Unfortunately, life doesn’t work that way.

Mystery: An enigma inside a conundrum…

Just outside Asheboro, North Carolina, is a tiny community named “Complex.” As motorists approach, they encounter a roadside sign, “Complex,” underneath which is printed in small letters: “Unincorporated.”

Evidently, Complex is simple. And yet, looking at it from another angle, Complex is complicated because it’s made up of people.

A couple of years ago, Thom Rainer wrote a book called Simple Church.  Yeah, right.  Good luck with that.

C. S. Lewis said, “It is no good asking for a simple religion. After all, real things are not simple. They look simple, but they are not. The table I am sitting at looks simple. But ask a scientist to tell you what it is really made of — all about the atoms and how the light waves rebound from them and hit my eye and what they do to the optic nerve and what it does to my brain — and of course you find that what we call ‘seeing a table’ lands you in mysteries and complications which you can hardly get to the end of.”

Beware of oversimplifications….

False religions specialize in making things simple. A Jim Jones or David Koresh presents himself as the answer to everyone’s needs and urges them to trust in him, checking their brains and will power and discernment at the door.

So why can’t we Christians simplify matters regarding God and faith and eternity? Simply — uh oh, there’s that word — because we are dealing with reality, the truth about the God of the universe, and not a system of our own making.

From a conversation with a Jehovah Witness a long time ago, I can still hear him sneering at the idea that anything in God’s Word could be complex or hard to understand.  My opinion of the so-called New World Translation of the Scriptures–their version of the Bible–is that they cut out anything difficult and made God’s Word conform to what they wished it said.

In the last book of the New Testament, we find again and again , “He who has an ear, let him hear” (Revelation 2:7,11,17,29; 3:6,13,22; and 13:9). I suspect that has at least two possible meanings:

Admitted, it could be a statement that “anyone with an ear should be able to understand this.” But I doubt it.

More likely, it’s  a prayer: “O Lord, give the reader understanding because this is deep!”

Our Bible speaks of various kinds of mysteries.
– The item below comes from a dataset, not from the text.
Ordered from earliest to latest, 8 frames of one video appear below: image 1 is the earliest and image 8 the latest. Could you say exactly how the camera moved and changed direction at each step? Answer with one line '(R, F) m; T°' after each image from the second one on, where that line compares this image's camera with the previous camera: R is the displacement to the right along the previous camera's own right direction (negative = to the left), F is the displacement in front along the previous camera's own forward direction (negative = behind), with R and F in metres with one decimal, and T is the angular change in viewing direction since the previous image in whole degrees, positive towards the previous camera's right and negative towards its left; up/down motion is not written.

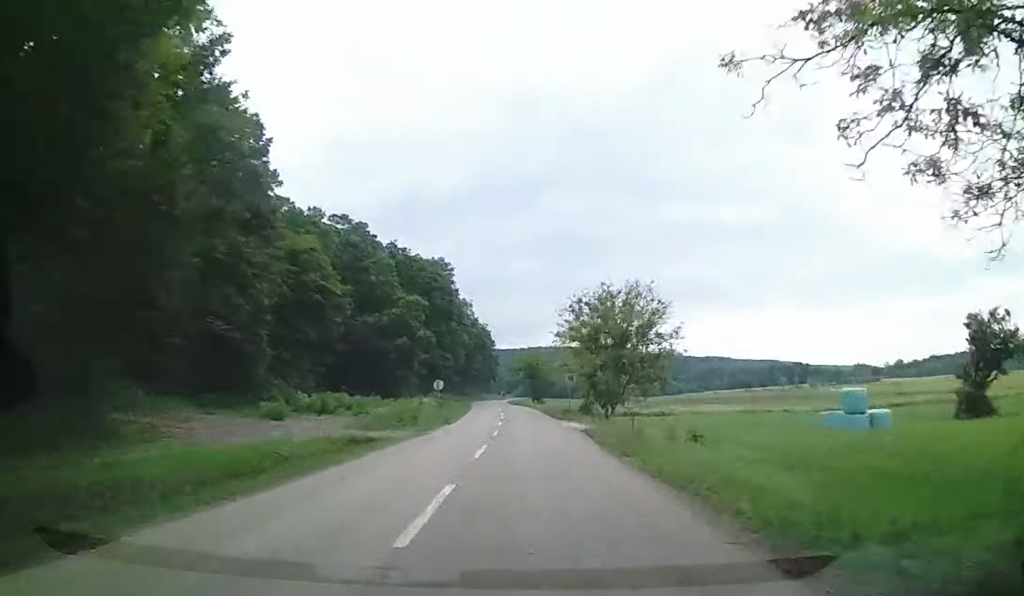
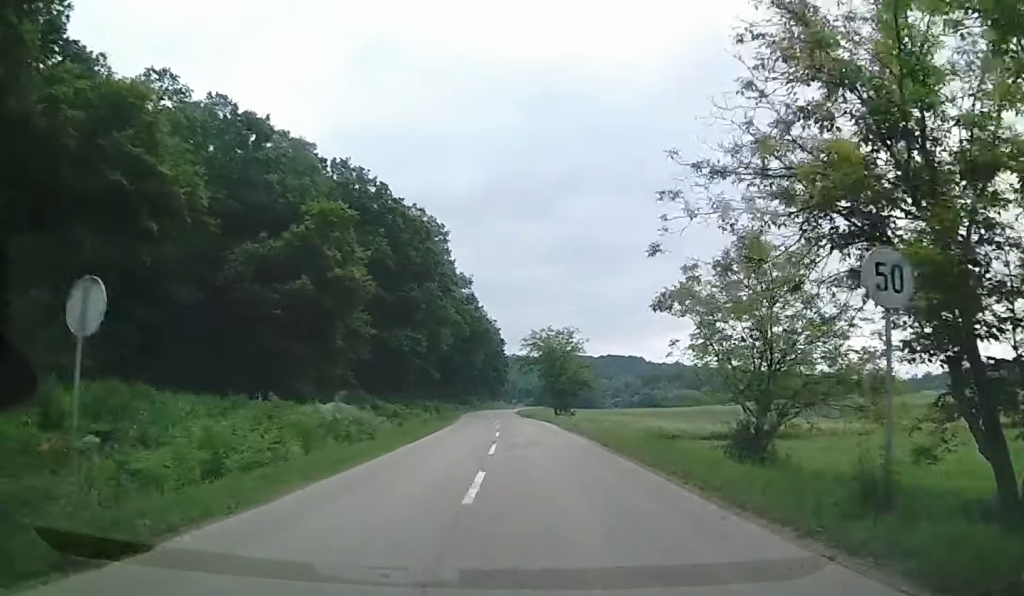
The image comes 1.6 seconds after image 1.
(-0.5, +34.2) m; -2°
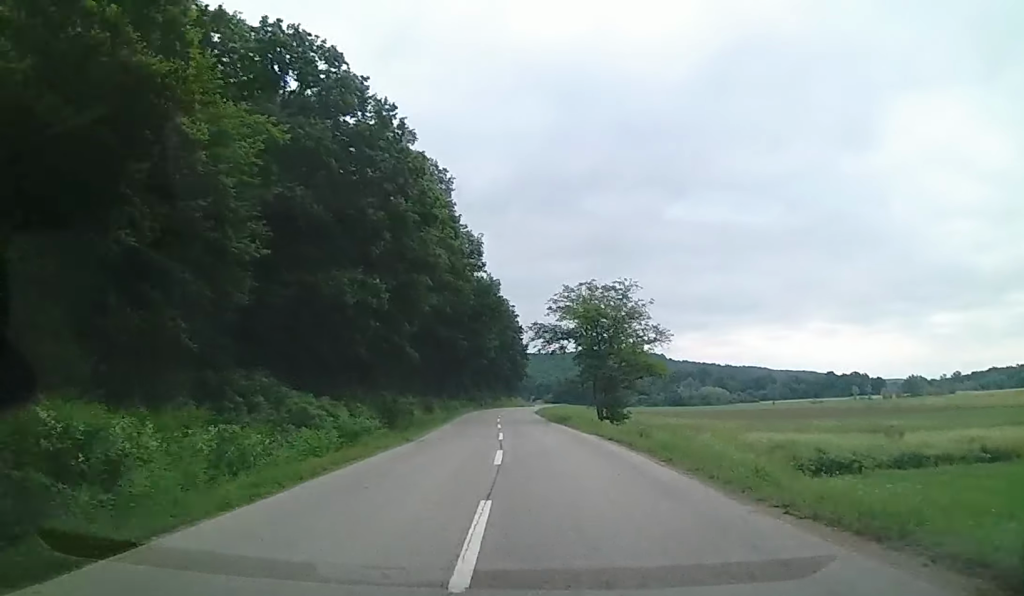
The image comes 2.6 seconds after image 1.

There is the mystery of Christ and His church which is a picture of a husband and wife’s unity (Ephesians 5:32), the mystery of the faith which deacons are to hold with a clear conscience (I Timothy 3:9), and the mystery of godliness which is great (I Timothy 3:16).

Each of us has our own list of mysteries which we’d love for the Lord to unravel, and which we fully expect Him to do in time (His or ours).

What to do….

So, what are we to do in this complex world with its complicated problems while attempting to live out our profound faith?

First, we should pray for our government’s leaders who are charged with untying the Gordian knot and restoring sanity and clarity and integrity to the world we live and work in.

Second, we must work at understanding all we can. That demands that we keep our wits about us, become men and women of prayer and the Word — and if you will, the daily newspaper — and then give a lot of thought to matters facing God’s people today.

Third, we must accept that there will be areas which we will not understand or master in this life. Those we leave with the Lord. As with the obstacles God placed before Israel in the wilderness, perhaps the Lord has left them here to humble us and keep us dependent on Him.

Lastly, we must submit. We will find great solace and wisdom and direction in worship. Nothing says it better than the last words of Romans 11 —

“O the depth of the riches both of the wisdom and knowledge of God! How unsearchable are His judgments and His ways past finding out!”

Nothing simple about our Lord, is there? The Creator of this universe is clearly the embodiment of all wisdom and profundity.

However, our response to such a Lord is uncluttered —

“For of Him and through Him and to Him are all things, to whom be glory forever. Amen.”

I seem to hear an echo in that of something our Lord Jesus said in His Sermon on the Mount: “Seek ye first the Kingdom of God and His righteousness, and all these things shall be added unto you” (Matthew 6:33).

Simple, huh? No? But it’s right on the money.